I like to pour my mixture into an empty cola bottle and stick it in the fridge to keep it nice and fresh. However, clearly label it as fake blood unless you want a family member drinking a potent  mix of detergent and instant coffee (true story). 


Japanese Plug Fire replica guns

The Japanese are great. I love their language, their cities, anime and video games. They also have some of the strictest gun laws in the world. More restrictive than the UK in fact (Is that even possible?) So naturally, there are people in Japan who are interested in guns and various companies have been producing realistic blank firing replicas for the past 50 years. Many of these replicas look exactly like the real thing and they also work in a similar way to their real steel counterparts. 

They are safe and legal because they don't fire any kind of projectile. The firing mechanism is actually in reverse with the firing pin situated in the chamber. This of course prevents a live round from being chambered and only special plug fire cartridges can be loaded. These cartridges are loaded with a cap (slightly larger than your typical cap gun cap) and when detonated, a piston in the cartridge pushes against the firing pin in the chamber which then causes the slide or bolt to blow back. You get smoke, sparks, noise and a spent casing which creates a very realistic simulation of a real gun.

This makes them perfect for filming because you can fire them indoors and they're safer than traditional blank firers/starter pistols. You don't get an impressive muzzle flash like real guns loaded with blanks that are used in Hollywood but just do what I do and add the muzzle flash in your editing software. 
So far, I've got this Browning 9mm pistol and an M16 assault rifle but I might get more in the future. They are expensive but if you're serious about making films then I suggest you invest in a few. I suggest buying from here as they stock many different models and they've got great customer service which is handy if you need repairs or spares. 



Saturday 19 January 2013

Vietnam War Film

This year is an important year for BSTB Film because I'll be working on my Vietnam war horror film. The idea was conceived way back 2009 but restrictions meant that I couldn't make it and so it was hanging in pre-production limbo for many years. Fortunately a lot has changed since then and I have learned a lot more about film making since starting university. I want 2013 to be the year when I finally start this.

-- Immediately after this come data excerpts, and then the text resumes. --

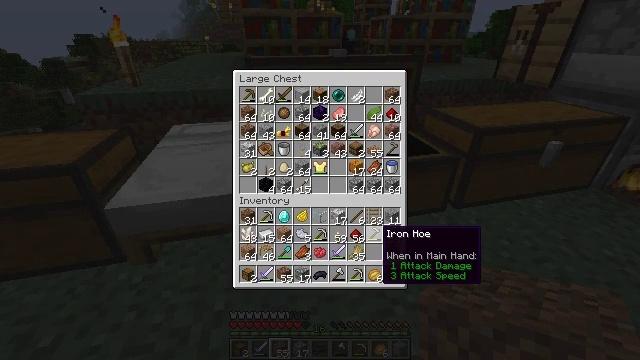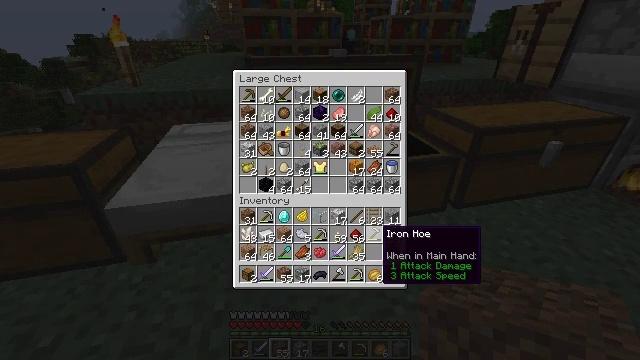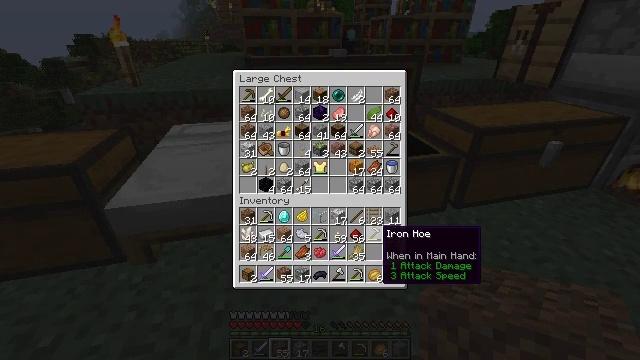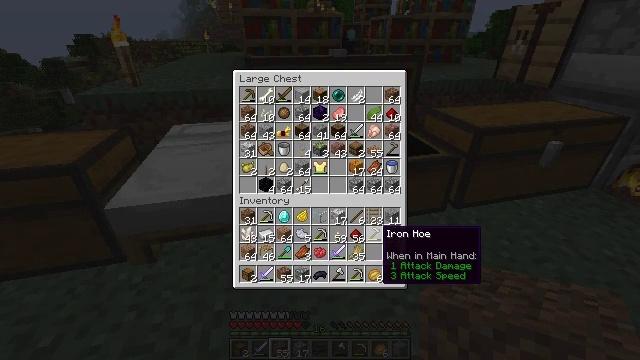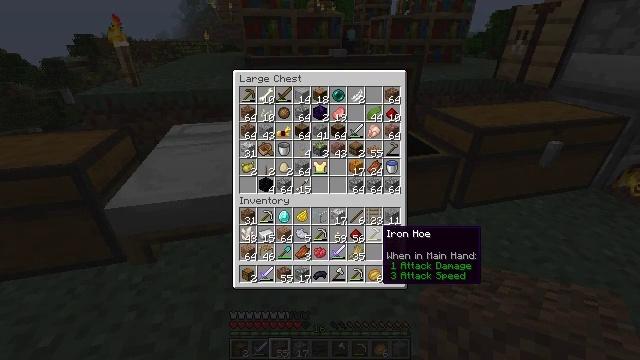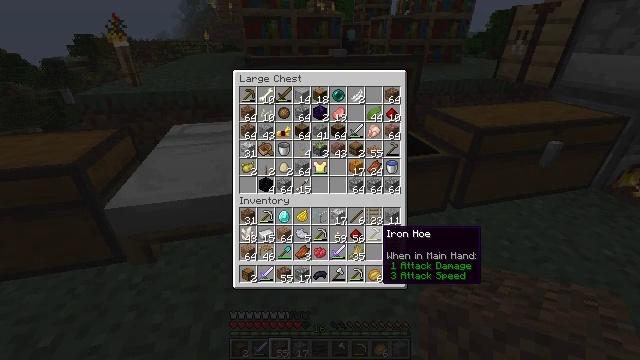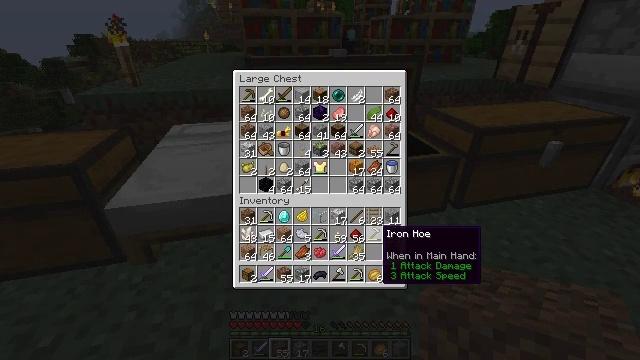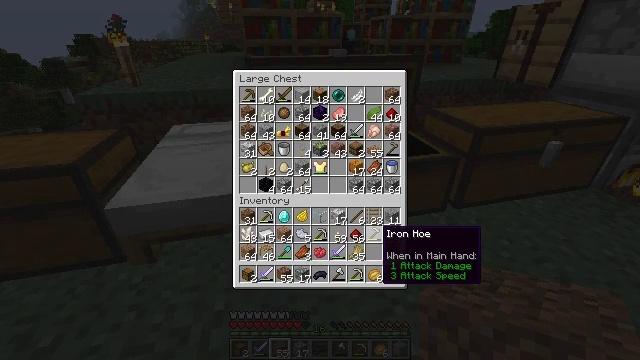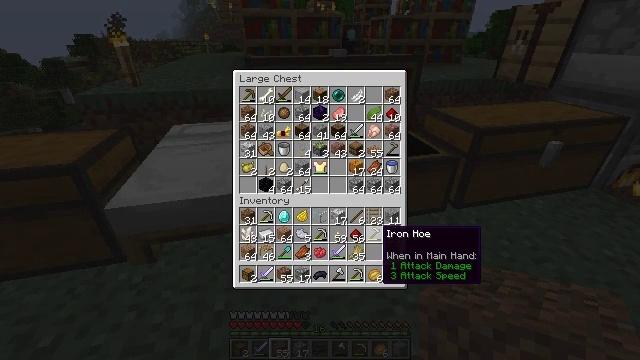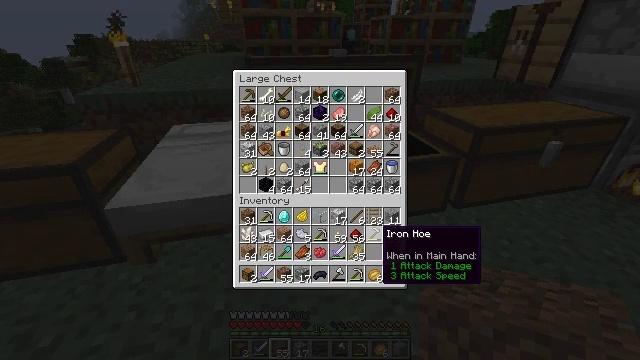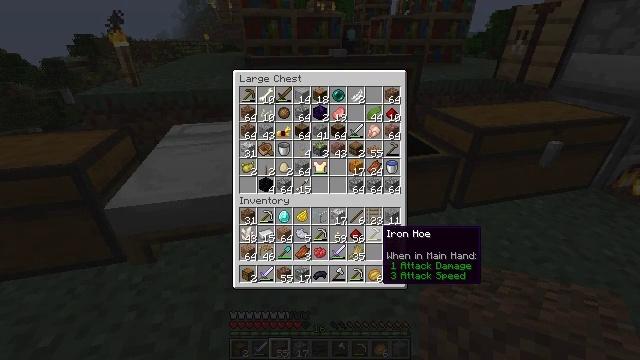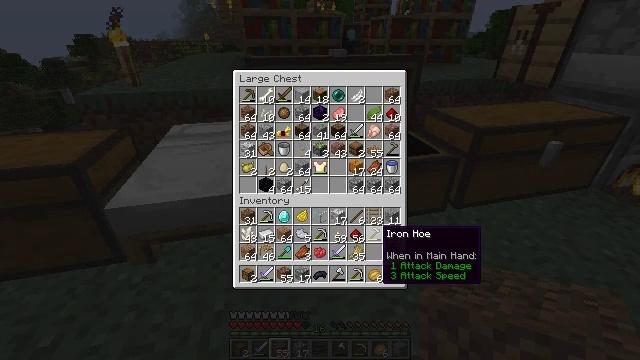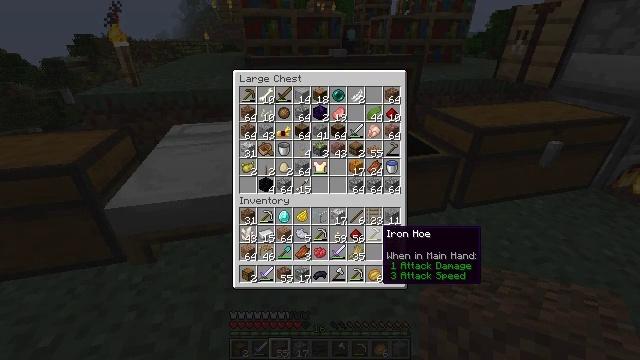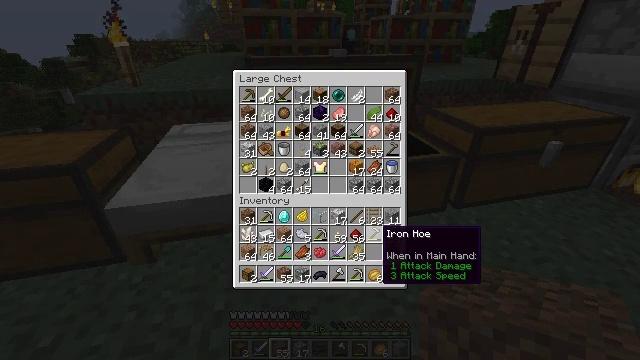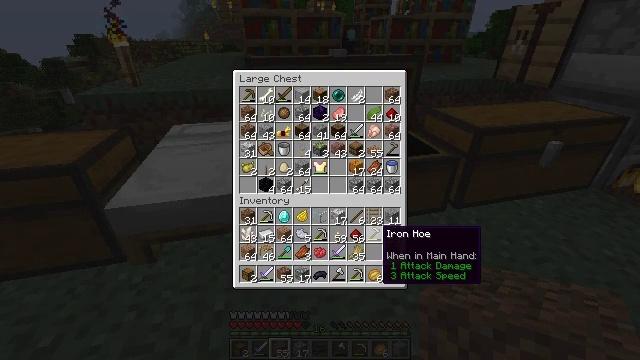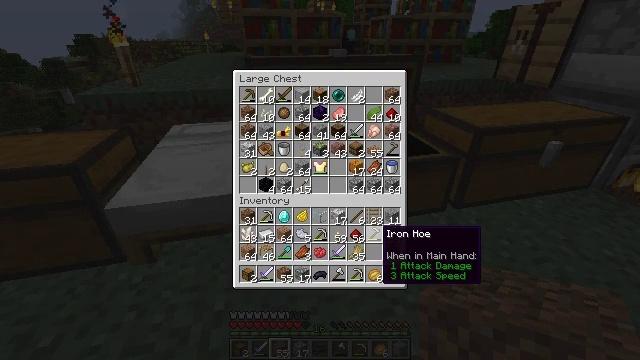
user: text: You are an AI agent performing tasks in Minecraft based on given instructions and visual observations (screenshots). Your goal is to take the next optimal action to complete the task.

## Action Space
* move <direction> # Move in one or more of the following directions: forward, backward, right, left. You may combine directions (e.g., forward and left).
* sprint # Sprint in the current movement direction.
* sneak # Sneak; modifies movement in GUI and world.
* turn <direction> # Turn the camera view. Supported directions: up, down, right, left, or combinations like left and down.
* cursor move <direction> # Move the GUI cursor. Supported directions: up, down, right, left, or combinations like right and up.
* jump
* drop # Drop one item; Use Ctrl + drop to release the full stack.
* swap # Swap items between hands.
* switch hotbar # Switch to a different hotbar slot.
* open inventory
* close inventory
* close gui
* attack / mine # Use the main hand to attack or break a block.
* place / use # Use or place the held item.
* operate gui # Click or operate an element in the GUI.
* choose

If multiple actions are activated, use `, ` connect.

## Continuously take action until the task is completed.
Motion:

So Vietnam war film made in the UK??? Am I crazy? Yeah probably...It rains 80% of the time and depicting a tropical location would be a great challenge. However, Full Metal Jacket (a war film set in Vietnam) was filmed entirely in the UK. Another less known Vietnam war film called "How Sleep the Brave" was also filmed in the UK. So, I might have a chance.

I'm keeping the plot and title secret right now because I don't want anyone to steal my idea. I am paranoid yes, very paranoid. However, I'm going to blog a lot during production and this will include plenty of pictures and video. Maybe I'll have a trailer up this summer as well and this will finally reveal all.